Percy Bysshe Shelly (1792-1822) Leading English Romantic poet with Wordsworth; lived and died riotiously in Italy.
Alexander Solzhenitsyn anti-Soviet poet and critic. wrote of life in the gulags.
Wole Soyinka (1935- ) Nigerian. One of the best known African poets and playwrights of the 1980s.
Douglas Stewart Leading 20th Century Australian poet and playwright; later 'pastoral' poet; features magnification of detail (Bennet, 1988:363) and invitations to mysticism; his emblematic creatures; primitivism of nature.
Colin Thiele (1920- ) Australian poet and novelist: Storm Boy, The Sun on the Stubble. a qualified optimism, lost world of family lovingly created; strong sense of social & geographical context.
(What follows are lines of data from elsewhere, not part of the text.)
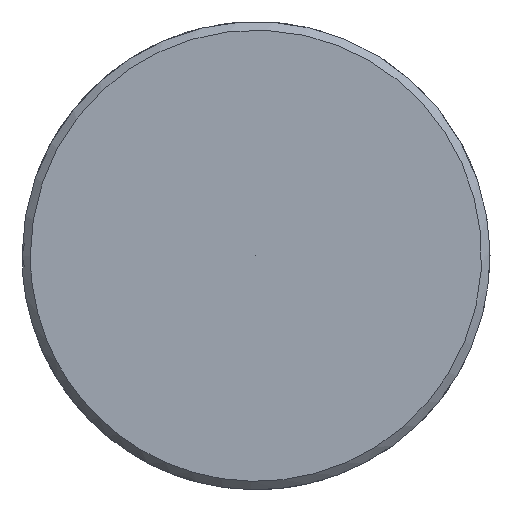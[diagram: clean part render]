
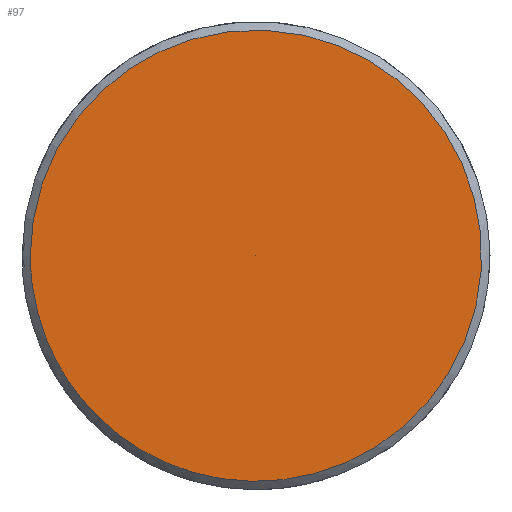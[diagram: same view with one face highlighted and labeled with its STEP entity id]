
A CAD part, left-side view. The second image highlights one B-rep face of the part: STEP entity #97.
In plain terms, the highlighted free-form (B-spline) face has degree [5, 3] with [6, 4] control points.
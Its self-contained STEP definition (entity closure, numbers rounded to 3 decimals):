
#3 = CARTESIAN_POINT ('', (-182., 6.75, 0.));
#4 = VERTEX_POINT ('', #3);
#22 = CARTESIAN_POINT ('', (-182., 6.75, 0.));
#23 = CARTESIAN_POINT ('', (-182., 6.75, 27.));
#24 = CARTESIAN_POINT ('', (-182., -20.25, 13.5));
#25 = CARTESIAN_POINT ('', (-182., -20.25, -13.5));
#26 = CARTESIAN_POINT ('', (-182., 6.75, -27.));
#27 = CARTESIAN_POINT ('', (-182., 6.75, 0.));
#28 = (
   BOUNDED_CURVE ()
   B_SPLINE_CURVE (5, (#22, #23, #24, #25, #26, #27), .UNSPECIFIED., .T., .U.)
   B_SPLINE_CURVE_WITH_KNOTS ((6, 6), (0., 1.), .UNSPECIFIED.)
   CURVE ()
   GEOMETRIC_REPRESENTATION_ITEM ()
   RATIONAL_B_SPLINE_CURVE ((5., 1., 1., 1., 1., 5.))
   REPRESENTATION_ITEM ('')
);
#29 = EDGE_CURVE ('', #4, #4, #28, .T.);
#59 = CARTESIAN_POINT ('', (-182., 0., 0.));
#60 = VERTEX_POINT ('', #59);
#61 = CARTESIAN_POINT ('', (-182., 6.75, 0.));
#62 = CARTESIAN_POINT ('', (-182., 4.5, 0.));
#63 = CARTESIAN_POINT ('', (-182., 2.25, 0.));
#64 = CARTESIAN_POINT ('', (-182., 0., 0.));
#65 = B_SPLINE_CURVE_WITH_KNOTS ('', 3, (#61, #62, #63, #64), .UNSPECIFIED., .F., .U., (4, 4), (0., 1.), .UNSPECIFIED.);
#66 = EDGE_CURVE ('', #4, #60, #65, .T.);
#67 = ORIENTED_EDGE ('', *, *, #66, .F.);
#68 = ORIENTED_EDGE ('', *, *, #29, .T.);
#69 = ORIENTED_EDGE ('', *, *, #66, .T.);
#70 = EDGE_LOOP ('', (#67, #68, #69));
#71 = FACE_OUTER_BOUND ('', #70, .F.);
#72 = CARTESIAN_POINT ('', (-182., 6.75, 0.));
#73 = CARTESIAN_POINT ('', (-182., 4.5, 0.));
#74 = CARTESIAN_POINT ('', (-182., 2.25, 0.));
#75 = CARTESIAN_POINT ('', (-182., 0., 0.));
#76 = CARTESIAN_POINT ('', (-182., 6.75, 27.));
#77 = CARTESIAN_POINT ('', (-182., 4.5, 18.));
#78 = CARTESIAN_POINT ('', (-182., 2.25, 9.));
#79 = CARTESIAN_POINT ('', (-182., 0., 0.));
#80 = CARTESIAN_POINT ('', (-182., -20.25, 13.5));
#81 = CARTESIAN_POINT ('', (-182., -13.5, 9.));
#82 = CARTESIAN_POINT ('', (-182., -6.75, 4.5));
#83 = CARTESIAN_POINT ('', (-182., 0., 0.));
#84 = CARTESIAN_POINT ('', (-182., -20.25, -13.5));
#85 = CARTESIAN_POINT ('', (-182., -13.5, -9.));
#86 = CARTESIAN_POINT ('', (-182., -6.75, -4.5));
#87 = CARTESIAN_POINT ('', (-182., 0., 0.));
#88 = CARTESIAN_POINT ('', (-182., 6.75, -27.));
#89 = CARTESIAN_POINT ('', (-182., 4.5, -18.));
#90 = CARTESIAN_POINT ('', (-182., 2.25, -9.));
#91 = CARTESIAN_POINT ('', (-182., 0., 0.));
#92 = CARTESIAN_POINT ('', (-182., 6.75, 0.));
#93 = CARTESIAN_POINT ('', (-182., 4.5, 0.));
#94 = CARTESIAN_POINT ('', (-182., 2.25, 0.));
#95 = CARTESIAN_POINT ('', (-182., 0., 0.));
#96 = (
   BOUNDED_SURFACE ()
   B_SPLINE_SURFACE (5, 3, ((#72, #73, #74, #75), (#76, #77, #78, #79), (#80, #81, #82, #83), (#84, #85, #86, #87), (#88, #89, #90, #91), (#92, #93, #94, #95)), .UNSPECIFIED., .T., .F., .U.)
   B_SPLINE_SURFACE_WITH_KNOTS ((6, 6), (4, 4), (0., 1.), (0., 1.), .UNSPECIFIED.)
   SURFACE ()
   GEOMETRIC_REPRESENTATION_ITEM ()
   RATIONAL_B_SPLINE_SURFACE (((5., 5., 5., 5.), (1., 1., 1., 1.), (1., 1., 1., 1.), (1., 1., 1., 1.), (1., 1., 1., 1.), (5., 5., 5., 5.)))
   REPRESENTATION_ITEM ('')
);
#97 = ADVANCED_FACE ('', (#71), #96, .F.);

John Updike (1932- ) 1955-57 New Yorker staff writer. US blockbuster novelist and poet.
William Wordsworth (1770-1850) Born in the Lake District, he collaborated with Coleridge in Lyrical Ballads which changed the face of English poetry.
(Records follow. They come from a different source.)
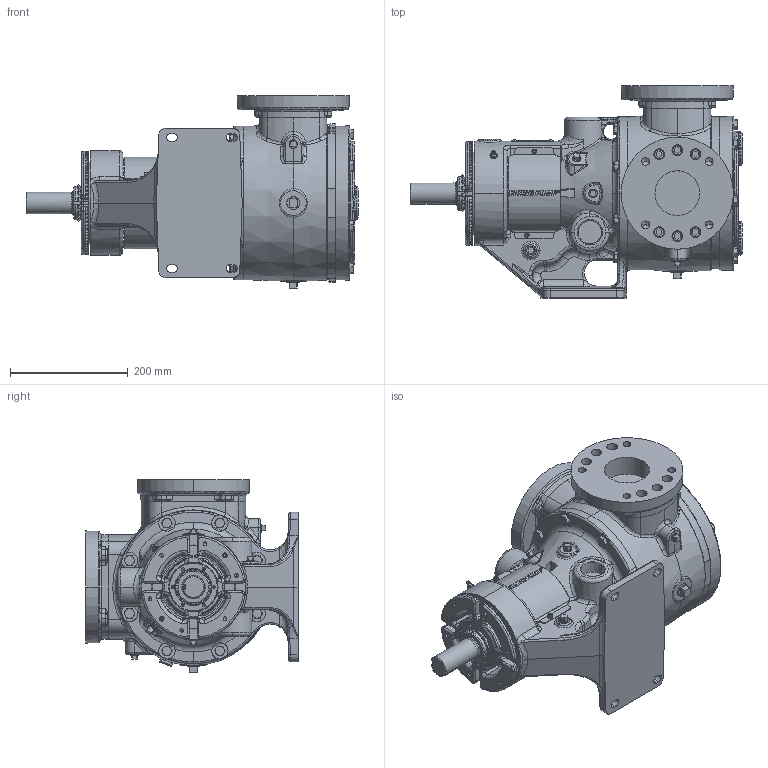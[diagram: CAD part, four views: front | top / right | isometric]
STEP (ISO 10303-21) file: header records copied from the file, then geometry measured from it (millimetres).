
FILE_DESCRIPTION (( 'STEP AP214' ), '1' );
FILE_NAME ('LV-4806.step', '2025-12-05T04:43:30', ( '' ), ( '' ), 'SwSTEP 2.0', 'SolidWorks 2024', '' );
FILE_SCHEMA (( 'AUTOMOTIVE_DESIGN' ));
Length unit declared in the file: inch
Products named in the file (1): LV-4806
Bounding box: 563.88 x 360.36 x 327.72 mm (x, y, z)
Volume: 19193352.7 mm3; surface area: 903370.2 mm2
Topology: 1 solids, 1 shells, 4998 faces, 12555 edges, 7731 vertices
Faces by surface type: bspline 1661, plane 1503, cylinder 924, cone 678, torus 162, sphere 70
Entity records: 238764 total; most frequent: CARTESIAN_POINT 133031, ORIENTED_EDGE 24880, DIRECTION 17606, EDGE_CURVE 12440, VERTEX_POINT 7728, AXIS2_PLACEMENT_3D 6571, EDGE_LOOP 5304, ADVANCED_FACE 4998

Judith Wright (1915-2000) is primarily a poet and an activist but is mainly a poet. She was born into a pastoral family whose roots in this country go back to the 1830s when they were granted large tracks of land in the Hunter Valley, and before that in England they go back through a long line of country gentry on one side and Scots Rebels on the other.
She brought a particular perspective to the world of people, things, ideas and values, a uniqueness Hopkins writes about that made her who she was. "Essentially Judith Wright's self has been oppositional. She has played a match against the current of the times, against technology and the destruction of the environment, against war and its violations of our common humanity and against the historical amnesia that condemns the past and the original inhabitants of this country to oblivion. . . reminding us despite the concealments and evasions of our culture of 'the unconcealedness of the nature of pain, death, and love' " . . . Her Australian matter-of-factness . . . Wright's gift for love, friendship and the whole range of bodily experience and the passionate honesty animate her still. . . . She has lived her own life, never the one others posited for her, and she kept her own way of 'looking aslant on the world', to borrow a phrase from Emily Dickinson." (edited from Veronica Brady's biography, "A Delicate Balance between Trespass and Honour" at ANL site).
W(illiam) B(utler) Yeats 1865-1929. Irish playwright, poet, critic. His interest in religion led to Theosophy and mystical arts as the most important pursuit after poetry; he yeanred for 'psychological' truth.; 1890 joined the Hermetic Order of the Golden Dawn; 1902 helped found the Irish national theatre; 1903 lucrative lecture tour of USA; Easter 1916 celebrates the heroes and heroines of Irish nationalism; 1922 Irish Civil War, Irish Free; State Constitution and became an Irish Senator; 1923 won the Nobel Prize for Literature.
Yevtushenko, Yevgeni Aleksandrovich. b 1933; moved to Moscow 1944; non-conformist works attacking prejudices and abuses in the Soviet system; reintroduced love poetry and lyrics after the Stalinist era; were translated world-wide; 1960 tours abroard; 1963 rebuked by Khrushchev after his autobiography.